I’ve been working so much overtime and despite all of that we’re in a really bad spot but he still almost never helps with anything if I ask. He just barks orders at me and then tells me he has to go to another meeting. Or, he won’t meet with me at all and pawns me off on other people who have been mostly unresponsive or unhelpful.
I know he’s writing a bad performance review for me. To make matters worse my supervisor has just gone out on leave unexpectedly. No reason or time frame given and the manager he reports to is my interim. I had a 1:1 scheduled with my supervisor the day he went out on leave and I planned to discuss this guy with him and to maybe be asked to be rolled off but that was of course canceled. I’m not sure how to handle a conversation like that with the interim mgr who has zero rapport with me.
I have been on bigger and more complex projects than this and I excelled. I have years of good to excellent performance reviews but I know how my company is. None of that will matter. I’m worried about a PIP. I worry that discussing the way I’m being treated will make things worse for me. I really don’t know what to do. There was a round of layoffs today and tbh, I wish they picked me. Severance till October and not dealing with this asshole would be pretty amazing.
How do I address this? How do I sound credible to someone who doesn’t know me? Is trying to get ahead of it by talking to the interim manager the right thing to do? I’m actively looking for a new job I just need to survive until I get one.

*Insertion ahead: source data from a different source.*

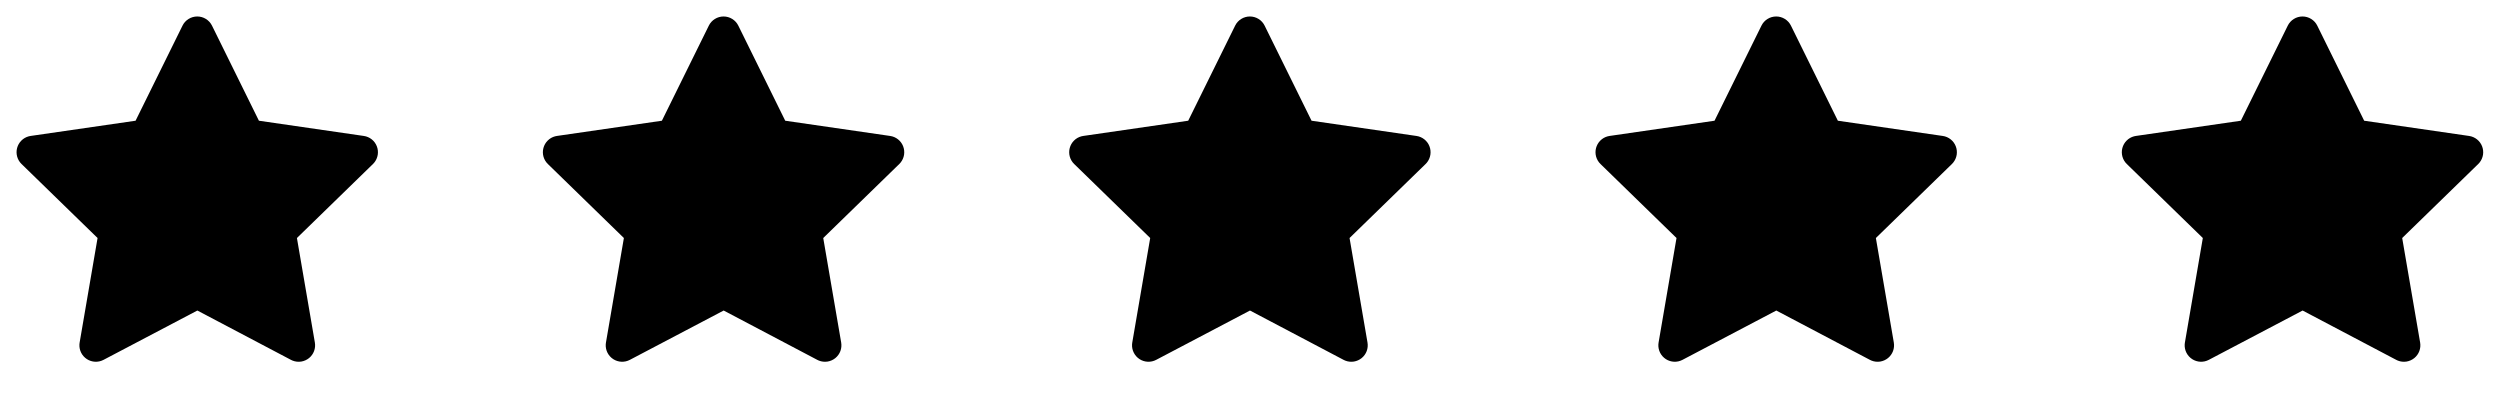 <svg width="152" height="24" viewBox="0 0 152 24" fill="none" xmlns="http://www.w3.org/2000/svg">
<g clip-path="url(#clip0_19330_998)">
<path d="M8.243 7.34L1.863 8.265L1.75 8.288C1.579 8.333 1.423 8.423 1.298 8.549C1.173 8.674 1.084 8.83 1.039 9.002C0.994 9.173 0.996 9.353 1.043 9.523C1.091 9.694 1.183 9.849 1.31 9.972L5.932 14.471L4.842 20.826L4.829 20.936C4.819 21.113 4.855 21.289 4.935 21.447C5.016 21.605 5.136 21.739 5.285 21.835C5.434 21.931 5.606 21.986 5.783 21.994C5.96 22.002 6.136 21.962 6.293 21.88L11.999 18.88L17.692 21.88L17.792 21.926C17.957 21.991 18.137 22.011 18.312 21.984C18.487 21.956 18.652 21.883 18.79 21.771C18.927 21.659 19.033 21.513 19.095 21.347C19.157 21.18 19.174 21.001 19.144 20.826L18.053 14.471L22.677 9.971L22.755 9.886C22.866 9.749 22.939 9.584 22.967 9.41C22.994 9.235 22.974 9.056 22.91 8.892C22.846 8.727 22.739 8.582 22.601 8.472C22.462 8.363 22.297 8.291 22.122 8.266L15.742 7.34L12.89 1.56C12.807 1.392 12.68 1.251 12.521 1.153C12.363 1.054 12.18 1.002 11.993 1.002C11.806 1.002 11.623 1.054 11.465 1.153C11.306 1.251 11.178 1.392 11.096 1.56L8.243 7.34Z" fill="black"/>
</g>
<g clip-path="url(#clip1_19330_998)">
<path d="M40.243 7.34L33.863 8.265L33.75 8.288C33.579 8.333 33.423 8.423 33.298 8.549C33.173 8.674 33.084 8.83 33.039 9.002C32.994 9.173 32.996 9.353 33.043 9.523C33.091 9.694 33.183 9.849 33.31 9.972L37.932 14.471L36.842 20.826L36.829 20.936C36.819 21.113 36.855 21.289 36.935 21.447C37.016 21.605 37.136 21.739 37.285 21.835C37.434 21.931 37.606 21.986 37.783 21.994C37.96 22.002 38.136 21.962 38.293 21.88L43.999 18.88L49.692 21.88L49.792 21.926C49.957 21.991 50.136 22.011 50.312 21.984C50.487 21.956 50.652 21.883 50.79 21.771C50.927 21.659 51.033 21.513 51.095 21.347C51.157 21.18 51.174 21.001 51.144 20.826L50.053 14.471L54.677 9.971L54.755 9.886C54.866 9.749 54.94 9.584 54.967 9.41C54.994 9.235 54.974 9.056 54.91 8.892C54.846 8.727 54.739 8.582 54.6 8.472C54.462 8.363 54.297 8.291 54.122 8.266L47.742 7.34L44.89 1.56C44.807 1.392 44.68 1.251 44.521 1.153C44.363 1.054 44.18 1.002 43.993 1.002C43.806 1.002 43.623 1.054 43.465 1.153C43.306 1.251 43.178 1.392 43.096 1.56L40.243 7.34Z" fill="black"/>
</g>
<g clip-path="url(#clip2_19330_998)">
<path d="M72.243 7.34L65.863 8.265L65.75 8.288C65.579 8.333 65.423 8.423 65.298 8.549C65.173 8.674 65.084 8.83 65.039 9.002C64.994 9.173 64.996 9.353 65.043 9.523C65.091 9.694 65.183 9.849 65.31 9.972L69.932 14.471L68.842 20.826L68.829 20.936C68.819 21.113 68.855 21.289 68.936 21.447C69.016 21.605 69.136 21.739 69.285 21.835C69.434 21.931 69.606 21.986 69.783 21.994C69.96 22.002 70.136 21.962 70.293 21.88L75.999 18.88L81.692 21.88L81.792 21.926C81.957 21.991 82.136 22.011 82.312 21.984C82.487 21.956 82.652 21.883 82.79 21.771C82.927 21.659 83.033 21.513 83.095 21.347C83.157 21.18 83.174 21.001 83.144 20.826L82.053 14.471L86.677 9.971L86.755 9.886C86.866 9.749 86.939 9.584 86.967 9.41C86.994 9.235 86.974 9.056 86.91 8.892C86.846 8.727 86.739 8.582 86.6 8.472C86.462 8.363 86.297 8.291 86.122 8.266L79.742 7.34L76.89 1.56C76.808 1.392 76.68 1.251 76.521 1.153C76.363 1.054 76.18 1.002 75.993 1.002C75.806 1.002 75.623 1.054 75.465 1.153C75.306 1.251 75.178 1.392 75.096 1.56L72.243 7.34Z" fill="black"/>
</g>
<g clip-path="url(#clip3_19330_998)">
<path d="M104.243 7.34L97.863 8.265L97.75 8.288C97.579 8.333 97.423 8.423 97.298 8.549C97.173 8.674 97.084 8.83 97.039 9.002C96.994 9.173 96.996 9.353 97.043 9.523C97.091 9.694 97.183 9.849 97.31 9.972L101.932 14.471L100.842 20.826L100.829 20.936C100.819 21.113 100.855 21.289 100.935 21.447C101.016 21.605 101.136 21.739 101.285 21.835C101.434 21.931 101.606 21.986 101.783 21.994C101.96 22.002 102.136 21.962 102.293 21.88L107.999 18.88L113.692 21.88L113.792 21.926C113.957 21.991 114.136 22.011 114.312 21.984C114.487 21.956 114.652 21.883 114.79 21.771C114.927 21.659 115.033 21.513 115.095 21.347C115.157 21.18 115.174 21.001 115.144 20.826L114.053 14.471L118.677 9.971L118.755 9.886C118.866 9.749 118.939 9.584 118.967 9.41C118.994 9.235 118.974 9.056 118.91 8.892C118.846 8.727 118.739 8.582 118.6 8.472C118.462 8.363 118.297 8.291 118.122 8.266L111.742 7.34L108.89 1.56C108.807 1.392 108.68 1.251 108.521 1.153C108.363 1.054 108.18 1.002 107.993 1.002C107.806 1.002 107.623 1.054 107.465 1.153C107.306 1.251 107.179 1.392 107.096 1.56L104.243 7.34Z" fill="black"/>
</g>
<g clip-path="url(#clip4_19330_998)">
<path d="M136.243 7.34L129.863 8.265L129.75 8.288C129.579 8.333 129.423 8.423 129.298 8.549C129.173 8.674 129.084 8.83 129.039 9.002C128.994 9.173 128.996 9.353 129.043 9.523C129.091 9.694 129.183 9.849 129.31 9.972L133.932 14.471L132.842 20.826L132.829 20.936C132.819 21.113 132.855 21.289 132.935 21.447C133.016 21.605 133.136 21.739 133.285 21.835C133.434 21.931 133.606 21.986 133.783 21.994C133.96 22.002 134.136 21.962 134.293 21.88L139.999 18.88L145.692 21.88L145.792 21.926C145.957 21.991 146.136 22.011 146.312 21.984C146.487 21.956 146.652 21.883 146.79 21.771C146.927 21.659 147.033 21.513 147.095 21.347C147.157 21.18 147.174 21.001 147.144 20.826L146.053 14.471L150.677 9.971L150.755 9.886C150.866 9.749 150.939 9.584 150.967 9.41C150.994 9.235 150.974 9.056 150.91 8.892C150.846 8.727 150.739 8.582 150.6 8.472C150.462 8.363 150.297 8.291 150.122 8.266L143.742 7.34L140.89 1.56C140.807 1.392 140.68 1.251 140.521 1.153C140.363 1.054 140.18 1.002 139.993 1.002C139.806 1.002 139.623 1.054 139.465 1.153C139.306 1.251 139.179 1.392 139.096 1.56L136.243 7.34Z" fill="black"/>
</g>
<defs>
<clipPath id="clip0_19330_998">
<rect width="24" height="24" fill="white"/>
</clipPath>
<clipPath id="clip1_19330_998">
<rect width="24" height="24" fill="white" transform="translate(32)"/>
</clipPath>
<clipPath id="clip2_19330_998">
<rect width="24" height="24" fill="white" transform="translate(64)"/>
</clipPath>
<clipPath id="clip3_19330_998">
<rect width="24" height="24" fill="white" transform="translate(96)"/>
</clipPath>
<clipPath id="clip4_19330_998">
<rect width="24" height="24" fill="white" transform="translate(128)"/>
</clipPath>
</defs>
</svg>

Edit: things have improved a bit. I was moved to a different mgr who is known as being a great advocate. The engagement mgr from a previous project is looking for folks to join her current one so I told my new supportive mgr I’d be interested if possible. She reached out to the engagement mgr and the EM was super excited she might have me back on one of her projects. The two of them are working on getting me over to her project, which is a huge relief. I just heard today that they are working on extending people on my current project so I’m really hopeful that they (EM and new mgr) can push back and say I’m not available to be extended because I’m going to this other project. The only downside is that if I waited to be rolled off this one then I’d have some time inbetween projects I could use to find another job. But I think of the options, staying on my current project is riskier because of the bad reviews, stress and I’m obviously not building relationships for things like job references. So I’m crossing my fingers I get put on this other project and I will take periodic days off to focus on my job search. If it’s like the last one with the EM it will be busy and difficult with a lot of OT but that also means I’ll accrue time off faster and make more money. It’s stress but good stress. I learned a lot and enjoyed my work with her.